#### [INPUT MATERIAL]
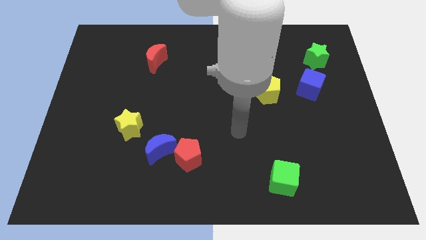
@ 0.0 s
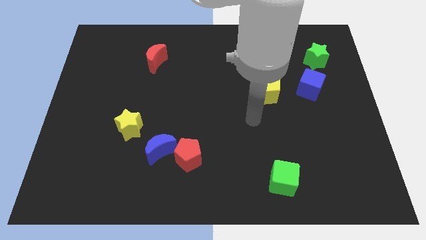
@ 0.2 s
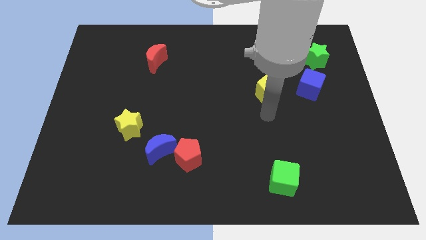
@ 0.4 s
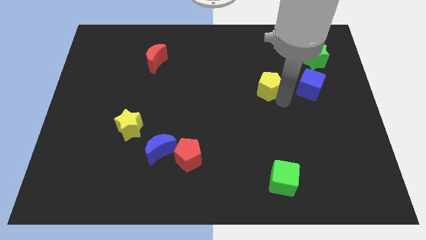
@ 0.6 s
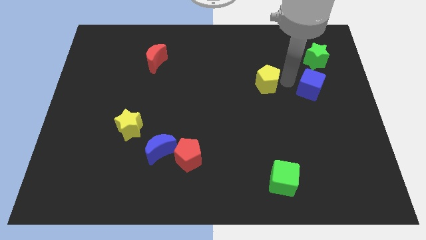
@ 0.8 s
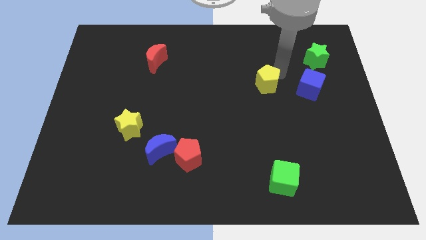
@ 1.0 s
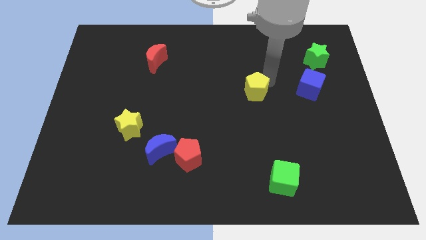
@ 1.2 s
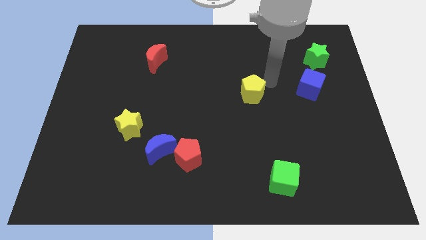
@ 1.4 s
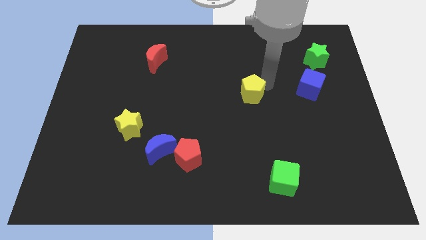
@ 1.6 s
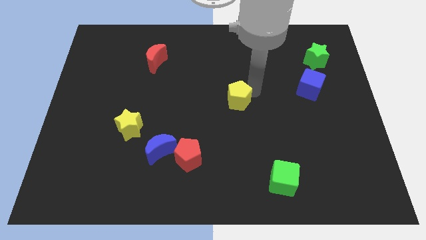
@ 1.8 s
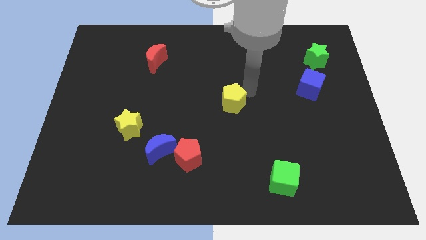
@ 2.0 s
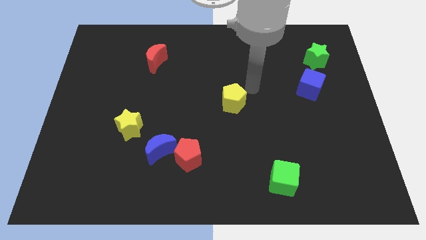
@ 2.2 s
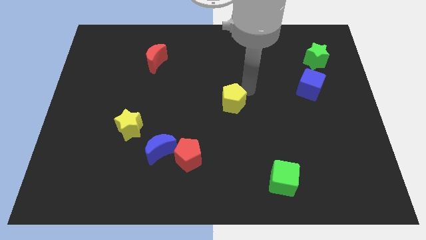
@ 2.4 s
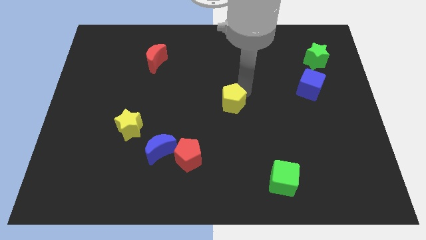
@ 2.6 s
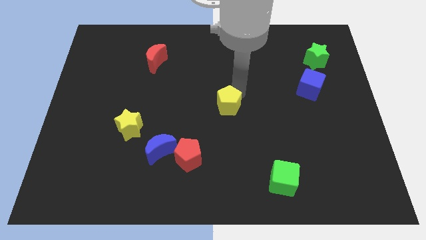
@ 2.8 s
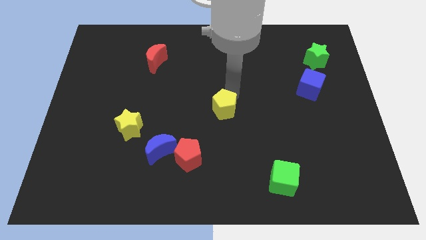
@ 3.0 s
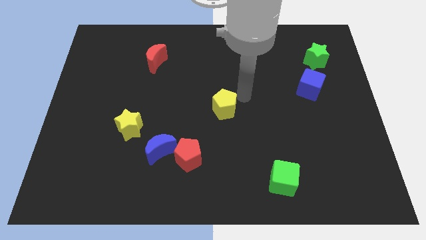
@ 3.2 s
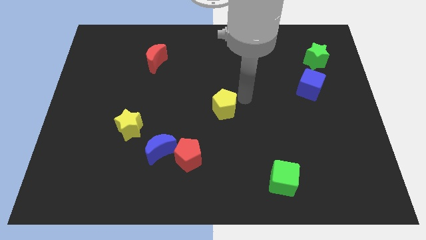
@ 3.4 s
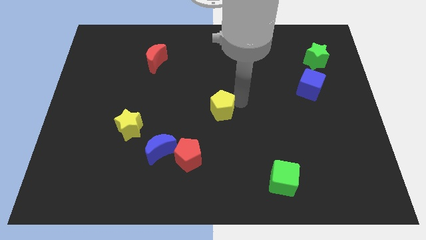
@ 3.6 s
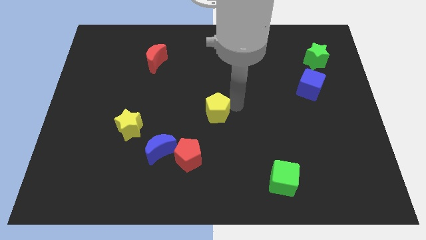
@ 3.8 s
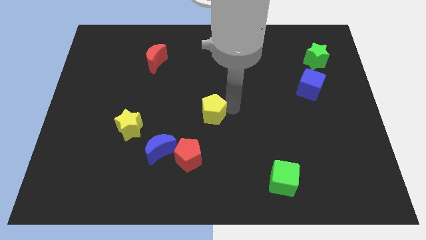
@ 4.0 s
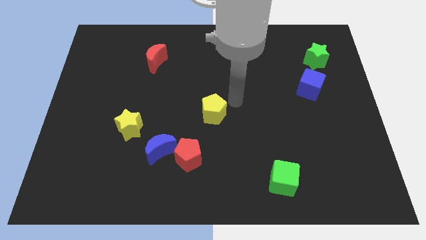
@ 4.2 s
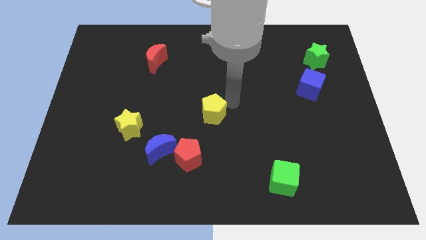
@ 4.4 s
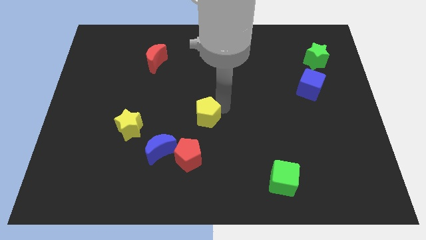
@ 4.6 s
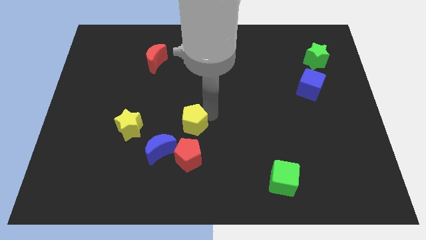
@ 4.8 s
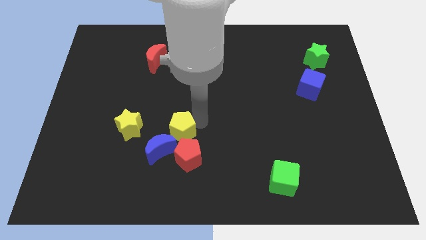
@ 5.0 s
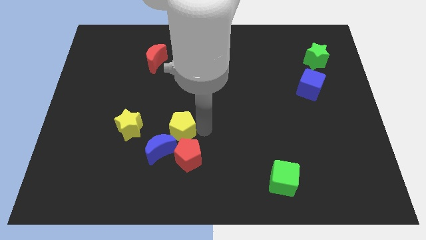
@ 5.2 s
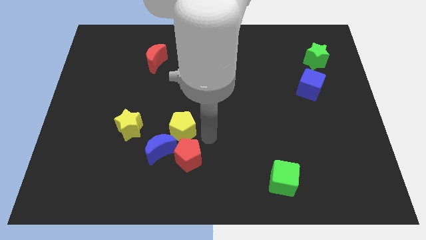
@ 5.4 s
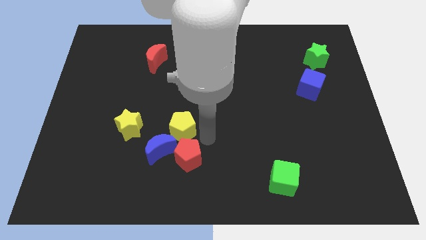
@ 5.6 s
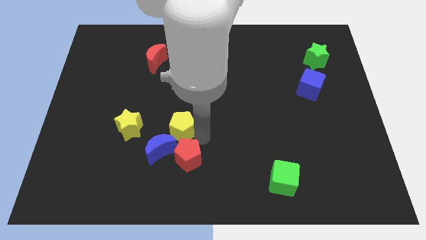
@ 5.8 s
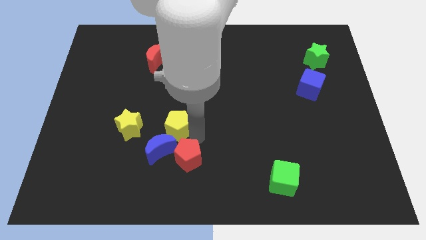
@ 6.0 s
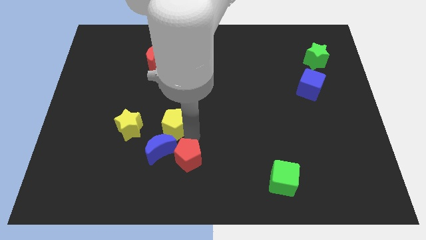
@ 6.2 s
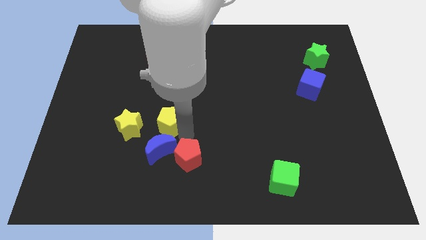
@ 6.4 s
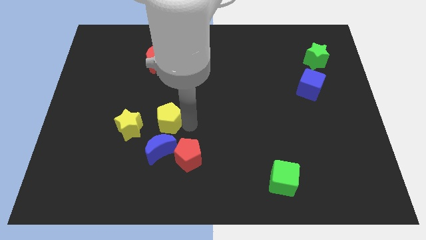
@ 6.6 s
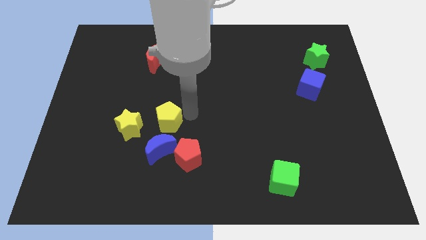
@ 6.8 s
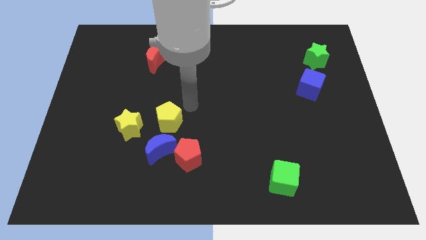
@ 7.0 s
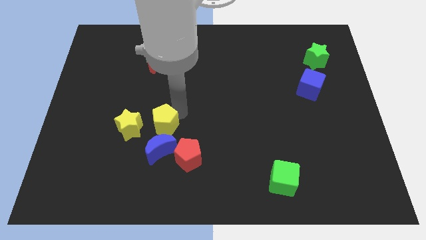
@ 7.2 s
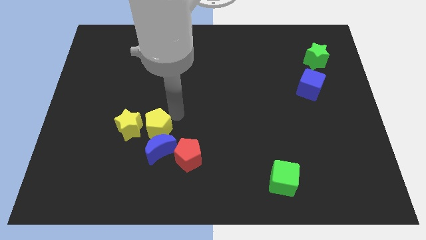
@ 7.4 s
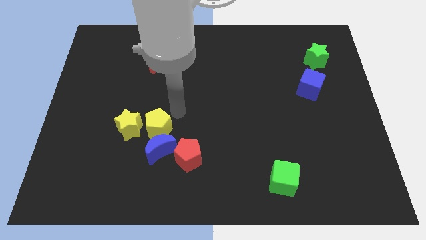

#### [WORK REQUEST]
Repeat the material line for line. Pictures stay out of the copy.

#### [SOLUTION FOR THIS EXERCISE]
@ 0.0 s
@ 0.2 s
@ 0.4 s
@ 0.6 s
@ 0.8 s
@ 1.0 s
@ 1.2 s
@ 1.4 s
@ 1.6 s
@ 1.8 s
@ 2.0 s
@ 2.2 s
@ 2.4 s
@ 2.6 s
@ 2.8 s
@ 3.0 s
@ 3.2 s
@ 3.4 s
@ 3.6 s
@ 3.8 s
@ 4.0 s
@ 4.2 s
@ 4.4 s
@ 4.6 s
@ 4.8 s
@ 5.0 s
@ 5.2 s
@ 5.4 s
@ 5.6 s
@ 5.8 s
@ 6.0 s
@ 6.2 s
@ 6.4 s
@ 6.6 s
@ 6.8 s
@ 7.0 s
@ 7.2 s
@ 7.4 s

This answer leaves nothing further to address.